**To do**
An exact copy of the entries is needed, with every picture left out.

[[ Data, beginning ]]

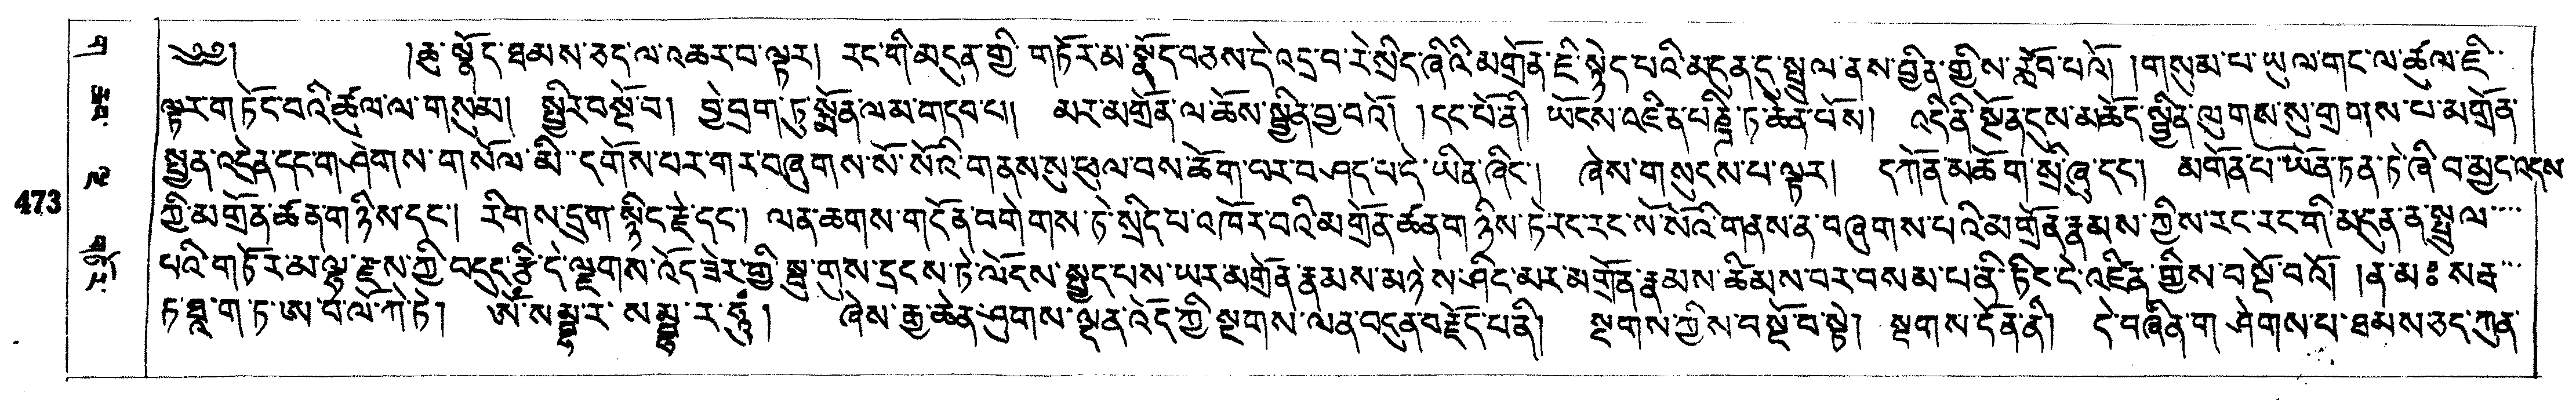༄༅། །ཆུ་སྣོད་ཐམས་ཅད་ལ་འཆར་བ་ལྟར། རང་གི་མདུན་གྱི་གཏོར་མ་སྣོད་བཅས་དེ་འདྲ་བ་རེ་སྲིད་ཞིའི་མགྲོན་ཇི་སྙེད་པའི་མདུན་དུ་སྤྲུལ་ནས་བྱིན་གྱིས་རློབ་པའོ། །གསུམ་པ་ཡུལ་གང་ལ་ཚུལ་ཇི་
ལྟར་གཏོང་བའི་ཚུལ་ལ་གསུམ། སྤྱིར་བསྔོ་བ། བྱེ་བྲག་ཏུ་སྨོན་ལམ་གདབ་པ། མར་མགྲོན་ལ་ཆོས་སྦྱིན་བྱ་བའོ། །དང་པོ་ནི། ཡོངས་འཛིན་པཎྜི་ཏ་ཆེན་པོས། འདི་ནི་སྔོན་དུས་མཆོད་སྦྱིན་ལུགས་སུ་གྲགས་པ་མགྲོན་
སྤྱན་འདྲེན་དང་གཤེགས་གསོལ་མི་དགོས་པར་གར་བཞུགས་སོ་སོའི་གནས་སུ་ཕུལ་བས་ཆོག་བར་བཤད་པ་དེ་ཡིན་ཞིང་། ཞེས་གསུངས་པ་ལྟར། དཀོན་མཆོག་སྲི་ཞུ་དང་། མགོན་པོ་ཡོན་ཏན་ཏེ་ཞི་བ་མྱང་འདས་
ཀྱི་མགྲོན་ཚན་གཉིས་དང་། རིགས་དྲུག་སྙིང་རྗེ་དང་། ལན་ཆགས་གདོན་བགེགས་ཏེ་སྲིད་པ་འཁོར་བའི་མགྲོན་ཚན་གཉིས་ཏེ་རང་རང་སོ་སོའི་གནས་ན་བཞུགས་པའི་མགྲོན་རྣམས་ཀྱིས་རང་རང་གི་མདུན་ན་སྤྲུལ་
པའི་གཏོར་མ་ལྷ་རྫས་ཀྱི་བདུད་རྩི་དེ་ལྗགས་འོད་ཟེར་གྱི་སྤུ་གུས་དྲངས་ཏེ་ལོངས་སྤྱད་པས་ཡར་མགྲོན་རྣམས་མཉེས་ཤིང་མར་མགྲོན་རྣམས་ཚིམས་པར་བསམ་པ་ནི་ཏིང་ངེ་འཛིན་གྱིས་བསྔོ་བའོ། །ན་མཿསརྦ་
ཏ་ཐཱ་ག་ཏ་ཨ་བ་ལོ་ཀེ་ཏེ། ཨོཾ་སམྦྷ་ར་སམྦྷ་ར་ཧཱུཾ། ཞེས་རྒྱ་ཆེན་ཤུགས་ལྡན་འོད་ཀྱི་སྔགས་ལན་བདུན་བརྗོད་པ་ནི། སྔགས་ཀྱིས་བསྔོ་བ་སྟེ། སྔགས་དོན་ནི། དེ་བཞིན་གཤེགས་པ་ཐམས་ཅད་ཀུན་

[[ Data, end ]]

**Expected output**
༄༅། །ཆུ་སྣོད་ཐམས་ཅད་ལ་འཆར་བ་ལྟར། རང་གི་མདུན་གྱི་གཏོར་མ་སྣོད་བཅས་དེ་འདྲ་བ་རེ་སྲིད་ཞིའི་མགྲོན་ཇི་སྙེད་པའི་མདུན་དུ་སྤྲུལ་ནས་བྱིན་གྱིས་རློབ་པའོ། །གསུམ་པ་ཡུལ་གང་ལ་ཚུལ་ཇི་
ལྟར་གཏོང་བའི་ཚུལ་ལ་གསུམ། སྤྱིར་བསྔོ་བ། བྱེ་བྲག་ཏུ་སྨོན་ལམ་གདབ་པ། མར་མགྲོན་ལ་ཆོས་སྦྱིན་བྱ་བའོ། །དང་པོ་ནི། ཡོངས་འཛིན་པཎྜི་ཏ་ཆེན་པོས། འདི་ནི་སྔོན་དུས་མཆོད་སྦྱིན་ལུགས་སུ་གྲགས་པ་མགྲོན་
སྤྱན་འདྲེན་དང་གཤེགས་གསོལ་མི་དགོས་པར་གར་བཞུགས་སོ་སོའི་གནས་སུ་ཕུལ་བས་ཆོག་བར་བཤད་པ་དེ་ཡིན་ཞིང་། ཞེས་གསུངས་པ་ལྟར། དཀོན་མཆོག་སྲི་ཞུ་དང་། མགོན་པོ་ཡོན་ཏན་ཏེ་ཞི་བ་མྱང་འདས་
ཀྱི་མགྲོན་ཚན་གཉིས་དང་། རིགས་དྲུག་སྙིང་རྗེ་དང་། ལན་ཆགས་གདོན་བགེགས་ཏེ་སྲིད་པ་འཁོར་བའི་མགྲོན་ཚན་གཉིས་ཏེ་རང་རང་སོ་སོའི་གནས་ན་བཞུགས་པའི་མགྲོན་རྣམས་ཀྱིས་རང་རང་གི་མདུན་ན་སྤྲུལ་
པའི་གཏོར་མ་ལྷ་རྫས་ཀྱི་བདུད་རྩི་དེ་ལྗགས་འོད་ཟེར་གྱི་སྤུ་གུས་དྲངས་ཏེ་ལོངས་སྤྱད་པས་ཡར་མགྲོན་རྣམས་མཉེས་ཤིང་མར་མགྲོན་རྣམས་ཚིམས་པར་བསམ་པ་ནི་ཏིང་ངེ་འཛིན་གྱིས་བསྔོ་བའོ། །ན་མཿསརྦ་
ཏ་ཐཱ་ག་ཏ་ཨ་བ་ལོ་ཀེ་ཏེ། ཨོཾ་སམྦྷ་ར་སམྦྷ་ར་ཧཱུཾ། ཞེས་རྒྱ་ཆེན་ཤུགས་ལྡན་འོད་ཀྱི་སྔགས་ལན་བདུན་བརྗོད་པ་ནི། སྔགས་ཀྱིས་བསྔོ་བ་སྟེ། སྔགས་དོན་ནི། དེ་བཞིན་གཤེགས་པ་ཐམས་ཅད་ཀུན་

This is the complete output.